庵野「ぼくは(実相寺作品を)見てるだけ。スタッフだったのは樋口さん」

真嗣「小僧でしたから、そんなおれが実相寺さんを語るというのは…。初めてお墓参りにも行ってきたんで、怒られるなと。日が落ちてから行きましたからね、怖い(笑)。

 『帝都物語』で実相寺さんが10年ぶりに映画を撮るということで、当時バブルですから、いまはどこかへ行ってしまった西武の弟の人(堤義明)がやってる会社がお金を出して、プロデューサーの一瀬隆重さんはまだ20代。革命が起きるんじゃないかと。

 当時ガイナックスであるアニメの準備をしてたんですけど、お金は先に『機動警察パトレイバー』(1988)に出ちゃって、キャラクターデザイン変えろとかも言われて。それでおれは実写に戻る!と。

 どのくらい絵が描けるかのオーディションがあったんですよ。絵コンテ屋をさがしてるって。クレジットはコンテ作画。でも何も言われない。実相寺さんは絵コンテはいらなくて。おれの頭の中にある実相寺さんというか、こう描くと喜ぶと思って描いてるバカさ加減。喜ぶわけない。自分が昔やったことを何でいまさら描くんだと思ってたんじゃないですか」

尚文「『帝都』のときに、こちらが聞く側で会ってたんですね。赤坂のコダイの後ろに喫茶店があって、さすがにそのときは話してくれました。共通の編集者の人が「きみは実相寺さん好きだろう?」って言うから、もちろんですと。好き嫌いは激しい方って言われたけど、結構ウェルカムで3時間くらい話してくださったんですけど、安い菓子パンをずーっと食いながら(笑)。ただ実相寺さんはヌーヴェル・ヴァーグの人なのかなって思ってたら、ルネ・クレールが原点だと。昔のほうだったというのが、そのときびっくりしたこと」  

真嗣「(自分の前では)すごく機嫌が悪かった。岸田理生さんが脚本書いたんですけど、それはどろどろの近親相姦物。ATG時代的なエロスと暴力と呪いというのだったのが却下されて、東宝でやるからエンタテインメントにしなきゃいかんということで。うわっこんなことあるんだってくらい方向性が変わって、機嫌が悪いのは察して余りある。当時は下っ端なんでよく判らなかったけど。

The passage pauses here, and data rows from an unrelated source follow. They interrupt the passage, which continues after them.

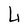
Character: L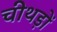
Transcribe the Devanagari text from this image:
चीथड़ों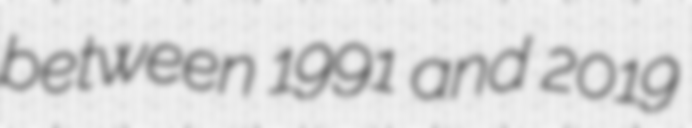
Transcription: between 1991 and 2019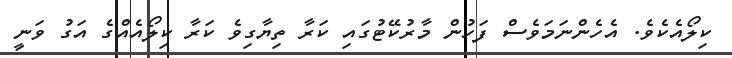
ކިލޯއެކެވެ. އެހެންނަމަވެސް ފަހުން މާރުކޭޓުގައި ކަރާ ތިޔާގިވެ ކަރާ ކިލޯއެއްގެ އަގު ވަނީ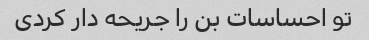
تو احساسات بن را جریحه دار کردی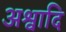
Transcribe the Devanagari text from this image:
अश्वादि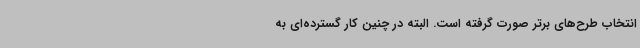
انتخاب طرح‌های برتر صورت گرفته است. البته در چنین کار گسترده‌ای به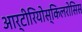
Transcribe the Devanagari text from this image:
आर्टीरियोस्किलरोसिस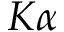
K \alpha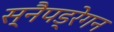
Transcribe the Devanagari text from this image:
स्नैपड्रेगन

 キャストも変わっていって、嶋田久作さんに会えてよかったですけど。昭島のオープン行くとき、青梅線の電車で嶋田さんといっしょになるんですよ。「ぼくはいいのかな、これで」って、あの顔で。もう撮っちゃってるんだから(笑)。ナイーブな方で。「ぼくなんか、映画出ていいのかな」。植木屋さんもやってて「植木はいいんだよ、人と会わないから」「植木は喋らないからいいよ」って。優しい人です。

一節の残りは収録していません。